Grâce aux possibilités de la méthode de stockage de Claude Roux (cf. [Roux et Jacquemin, 2002] et annexe  A page §), chaque élément d’information est classé dans une base de données. Cet élément reçoit une indexation à différents niveaux de découpage du document : dépendance, phrase, paragraphe, texte. Cette classification à différents niveaux permet de définir, lors de la phase d’interrogation, une échelle d’exigence dans l’étendue de la fenêtre dans laquelle les éléments de la réponse communs avec ceux de la requête doivent être trouvés.

Le stockage de l’information obtenue au niveau de l’analyse syntaxique n’est pas cependant la seule opération que nous effectuons à cette étape de notre méthode. En effet, dès ce niveau, nous entrons dans un domaine proche de la sémantique et certaines distinctions entre des dépendances, pertinentes dans le cadre strictement syntaxique, ne le sont plus en ce qui concerne le sens de l’énoncé.

Toutefois, notre action à ce stade de la méthode ne se limite pas au seul stockage de l’information obtenue au travers de l’analyse syntaxique. En effet, dès ce niveau, il est possible de toucher à certains aspects plus sémantiques des résultats collectés. Il s’agit de mettre en correspondance certaines dépendances syntaxiques dont la distinction pour notre application n’est pas pertinente, afin de préserver une unité dans le sens plutôt qu’une distinction dans la structure syntaxique.

Ainsi, certaines relations syntaxiques construites par XIP et bien distinctes dans sa grammaire sont considérées comme équivalentes du point de vue du sens. Les dépendances syntaxiques différentes mais équivalentes que l’analyse syntaxique génère doivent donc être fusionnées sous une seule dénomination avant d’être stockées dans la base de données qui conserve l’information identifiée ou extraite du texte. Les équivalences de dépendances syntaxiques que nous avons constatées correspondent à une amélioration que nous avions réalisée sur le module de désambiguïsation sémantique développé à XRCE (Xerox Research Centre Europe), et qui avait été testé avec succès [Brun et al., 2001]. Elles ont toutefois été adaptées à la grammaire de XIP et sont exposées dans le tableau  5.1 page §.





Dépendance syntaxique
Exemple
Dénomination équivalente



SUBJa

Une partie des troupes se rallia à Élagabal. SUBJ(rallia, partie)

SUBJ(rallia, partie)

DEEPSUBJb

Constantin fut proclamé auguste par les troupes de Bretagne. DEEPSUBJ(proclamé, troupes)

SUBJ(proclamé, troupes)

SUBJCLITc

« Qu’ils me haïssent, pourvu qu’ils me craignent », disait-il. SUBJCLIT(disait, il)

SUBJ(disait, il)




VARG[DIR]d

César [. . .] écrase une armée des partisans de Pompée à Thapsus. VARG[DIR](écrase, armée)

VARG[DIR](écrase, armée)

SUBJ[PASS]e

Constantin fut proclamé auguste par les troupes de Bretagne. SUBJ[PASS](proclamé, Constantin)

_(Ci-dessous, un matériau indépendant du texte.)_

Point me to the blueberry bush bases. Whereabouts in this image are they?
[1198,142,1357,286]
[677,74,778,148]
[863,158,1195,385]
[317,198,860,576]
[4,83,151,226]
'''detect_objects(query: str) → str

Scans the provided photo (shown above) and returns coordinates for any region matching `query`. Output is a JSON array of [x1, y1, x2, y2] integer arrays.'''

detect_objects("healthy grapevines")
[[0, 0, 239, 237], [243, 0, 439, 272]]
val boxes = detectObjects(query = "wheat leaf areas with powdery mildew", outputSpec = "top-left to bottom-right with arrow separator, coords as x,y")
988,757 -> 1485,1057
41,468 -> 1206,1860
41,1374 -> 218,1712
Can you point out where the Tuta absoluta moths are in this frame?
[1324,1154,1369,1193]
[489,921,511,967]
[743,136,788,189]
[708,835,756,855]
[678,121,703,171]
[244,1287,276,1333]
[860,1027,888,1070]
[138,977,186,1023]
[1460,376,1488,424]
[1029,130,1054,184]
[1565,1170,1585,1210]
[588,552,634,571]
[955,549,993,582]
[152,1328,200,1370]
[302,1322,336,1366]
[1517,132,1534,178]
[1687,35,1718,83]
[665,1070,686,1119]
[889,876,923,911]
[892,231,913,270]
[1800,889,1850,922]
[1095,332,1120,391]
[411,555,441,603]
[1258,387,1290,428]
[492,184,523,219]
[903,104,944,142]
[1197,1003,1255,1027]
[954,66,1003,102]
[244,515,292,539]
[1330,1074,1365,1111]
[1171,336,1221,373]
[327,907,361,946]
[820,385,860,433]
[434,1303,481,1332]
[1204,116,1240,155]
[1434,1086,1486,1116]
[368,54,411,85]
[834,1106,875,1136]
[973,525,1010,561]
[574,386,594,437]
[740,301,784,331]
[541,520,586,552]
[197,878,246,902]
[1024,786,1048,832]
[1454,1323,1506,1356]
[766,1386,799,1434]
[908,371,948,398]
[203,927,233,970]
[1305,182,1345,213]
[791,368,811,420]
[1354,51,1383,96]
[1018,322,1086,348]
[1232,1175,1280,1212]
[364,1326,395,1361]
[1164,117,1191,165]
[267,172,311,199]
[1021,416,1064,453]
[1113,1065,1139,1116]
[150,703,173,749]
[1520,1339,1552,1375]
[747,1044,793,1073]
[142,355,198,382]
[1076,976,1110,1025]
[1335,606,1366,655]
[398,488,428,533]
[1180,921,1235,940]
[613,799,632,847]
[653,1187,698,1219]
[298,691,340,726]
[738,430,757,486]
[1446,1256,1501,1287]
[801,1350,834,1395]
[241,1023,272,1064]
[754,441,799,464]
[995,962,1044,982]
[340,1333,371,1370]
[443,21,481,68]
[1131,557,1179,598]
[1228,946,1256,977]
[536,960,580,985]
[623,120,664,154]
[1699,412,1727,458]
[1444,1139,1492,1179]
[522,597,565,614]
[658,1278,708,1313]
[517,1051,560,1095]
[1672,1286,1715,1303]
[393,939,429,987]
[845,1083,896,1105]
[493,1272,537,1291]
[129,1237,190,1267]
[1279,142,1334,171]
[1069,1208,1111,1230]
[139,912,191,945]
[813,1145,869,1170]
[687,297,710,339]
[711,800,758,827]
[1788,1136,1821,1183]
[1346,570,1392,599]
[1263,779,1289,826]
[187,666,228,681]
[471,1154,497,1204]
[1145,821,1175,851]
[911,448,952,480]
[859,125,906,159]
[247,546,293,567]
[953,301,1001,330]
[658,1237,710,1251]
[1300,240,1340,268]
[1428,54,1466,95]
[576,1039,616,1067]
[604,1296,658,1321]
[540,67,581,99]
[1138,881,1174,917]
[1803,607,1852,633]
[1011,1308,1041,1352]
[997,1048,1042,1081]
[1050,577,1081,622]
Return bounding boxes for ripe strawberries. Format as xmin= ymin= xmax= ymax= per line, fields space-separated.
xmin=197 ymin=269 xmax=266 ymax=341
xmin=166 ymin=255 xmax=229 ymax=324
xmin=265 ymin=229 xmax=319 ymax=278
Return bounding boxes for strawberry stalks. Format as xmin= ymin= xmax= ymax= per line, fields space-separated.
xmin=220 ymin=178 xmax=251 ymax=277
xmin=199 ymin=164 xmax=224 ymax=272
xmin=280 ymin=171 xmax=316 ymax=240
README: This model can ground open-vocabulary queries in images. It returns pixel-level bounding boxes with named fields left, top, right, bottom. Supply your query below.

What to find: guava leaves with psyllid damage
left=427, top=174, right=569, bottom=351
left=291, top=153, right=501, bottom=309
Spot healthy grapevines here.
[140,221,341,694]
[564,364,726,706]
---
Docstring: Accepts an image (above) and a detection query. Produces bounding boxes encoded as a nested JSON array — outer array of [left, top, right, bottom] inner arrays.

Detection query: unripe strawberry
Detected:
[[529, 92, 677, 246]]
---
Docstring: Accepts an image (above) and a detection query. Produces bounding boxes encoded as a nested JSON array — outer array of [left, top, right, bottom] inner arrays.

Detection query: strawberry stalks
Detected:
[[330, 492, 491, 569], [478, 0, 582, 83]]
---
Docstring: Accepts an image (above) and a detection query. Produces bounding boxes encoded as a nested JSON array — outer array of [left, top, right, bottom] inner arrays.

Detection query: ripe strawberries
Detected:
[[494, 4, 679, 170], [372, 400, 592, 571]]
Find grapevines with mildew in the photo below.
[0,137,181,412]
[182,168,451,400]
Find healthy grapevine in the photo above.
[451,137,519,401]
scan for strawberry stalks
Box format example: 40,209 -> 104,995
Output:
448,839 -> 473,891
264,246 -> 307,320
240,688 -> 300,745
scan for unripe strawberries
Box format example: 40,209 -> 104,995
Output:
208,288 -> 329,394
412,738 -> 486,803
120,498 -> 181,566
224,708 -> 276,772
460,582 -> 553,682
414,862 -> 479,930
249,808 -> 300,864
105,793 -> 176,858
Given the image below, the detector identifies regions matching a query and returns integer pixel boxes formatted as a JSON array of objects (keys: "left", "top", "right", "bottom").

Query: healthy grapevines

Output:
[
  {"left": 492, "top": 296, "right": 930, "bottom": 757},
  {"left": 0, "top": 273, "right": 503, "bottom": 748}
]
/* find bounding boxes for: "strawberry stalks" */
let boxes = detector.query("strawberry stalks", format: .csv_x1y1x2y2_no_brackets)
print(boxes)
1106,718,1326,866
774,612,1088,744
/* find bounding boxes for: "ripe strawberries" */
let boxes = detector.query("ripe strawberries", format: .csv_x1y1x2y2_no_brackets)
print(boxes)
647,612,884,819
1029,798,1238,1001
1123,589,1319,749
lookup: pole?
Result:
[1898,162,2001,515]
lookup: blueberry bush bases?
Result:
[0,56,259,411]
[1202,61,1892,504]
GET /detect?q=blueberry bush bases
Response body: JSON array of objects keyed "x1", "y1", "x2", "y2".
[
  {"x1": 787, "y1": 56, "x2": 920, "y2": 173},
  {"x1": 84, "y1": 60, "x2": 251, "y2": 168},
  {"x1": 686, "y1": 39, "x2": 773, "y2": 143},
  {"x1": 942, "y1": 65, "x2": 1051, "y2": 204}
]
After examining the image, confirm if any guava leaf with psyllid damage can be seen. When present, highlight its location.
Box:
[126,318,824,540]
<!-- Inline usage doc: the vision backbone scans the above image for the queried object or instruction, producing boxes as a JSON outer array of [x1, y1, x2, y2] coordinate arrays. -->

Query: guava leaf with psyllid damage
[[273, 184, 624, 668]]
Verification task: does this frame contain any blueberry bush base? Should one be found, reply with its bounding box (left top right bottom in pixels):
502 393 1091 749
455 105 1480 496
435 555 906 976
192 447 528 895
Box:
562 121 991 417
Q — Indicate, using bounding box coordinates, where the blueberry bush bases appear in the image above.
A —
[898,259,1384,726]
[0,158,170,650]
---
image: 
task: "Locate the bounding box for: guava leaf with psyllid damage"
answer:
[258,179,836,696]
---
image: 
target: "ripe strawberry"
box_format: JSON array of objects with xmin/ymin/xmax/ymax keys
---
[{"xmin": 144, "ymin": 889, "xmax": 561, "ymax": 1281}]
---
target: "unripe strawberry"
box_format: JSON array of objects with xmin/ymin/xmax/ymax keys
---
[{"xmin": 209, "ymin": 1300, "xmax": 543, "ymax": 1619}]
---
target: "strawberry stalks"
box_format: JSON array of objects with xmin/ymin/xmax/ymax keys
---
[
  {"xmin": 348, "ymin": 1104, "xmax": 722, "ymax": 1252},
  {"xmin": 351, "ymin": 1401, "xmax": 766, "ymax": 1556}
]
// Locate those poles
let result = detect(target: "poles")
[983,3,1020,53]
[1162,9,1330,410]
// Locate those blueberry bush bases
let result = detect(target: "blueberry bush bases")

VARG[DIR](proclamé, Constantin)




NMOD[NOUN, SPRED]f

Antoine fut l’ami et le second de César. NMOD[NOUN, SPRED](Antoine, ami)

NMOD[NOUN, SPRED](Antoine, ami)

SEQNPg

Constance III épousa Galla Placidia, sœur d’Honorius. SEQNP(Galla Placida, sœur)

NMOD[NOUN, SPRED](Galla Placida, sœur)





Tab. 5.1: Correspondances sémantiques de dépendances syntaxiques.

Dans ce tableau, on peut voir que certaines constructions sont sémantiquement équivalentes à d’autres. Par exemple, la mise en correspondance de SUBJ[PASS](X, Y) et VARG[DIR](X, Y) permet d’inférer la conformité sémantique entre les énoncés Constantin fut proclamé auguste par les troupes de Bretagne , où proclamé et Constantin sont unis par une dépendance SUBJ[PASS](proclamé, Constantin) et un énoncé Les troupes de Bretagne proclamèrent Constantin auguste, où les mêmes lemmes sont unis par une dépendance VARG[DIR](proclamèrent, Constantin). Il en va de même pour les autres dépendances mises en correspondance. Du fait de ces rassemblement de dépendances sous une seule dénomination, c’est un fragment de la sémantique de la phrase elle-même qui est emmagasinée au travers de ces relations syntaxiques.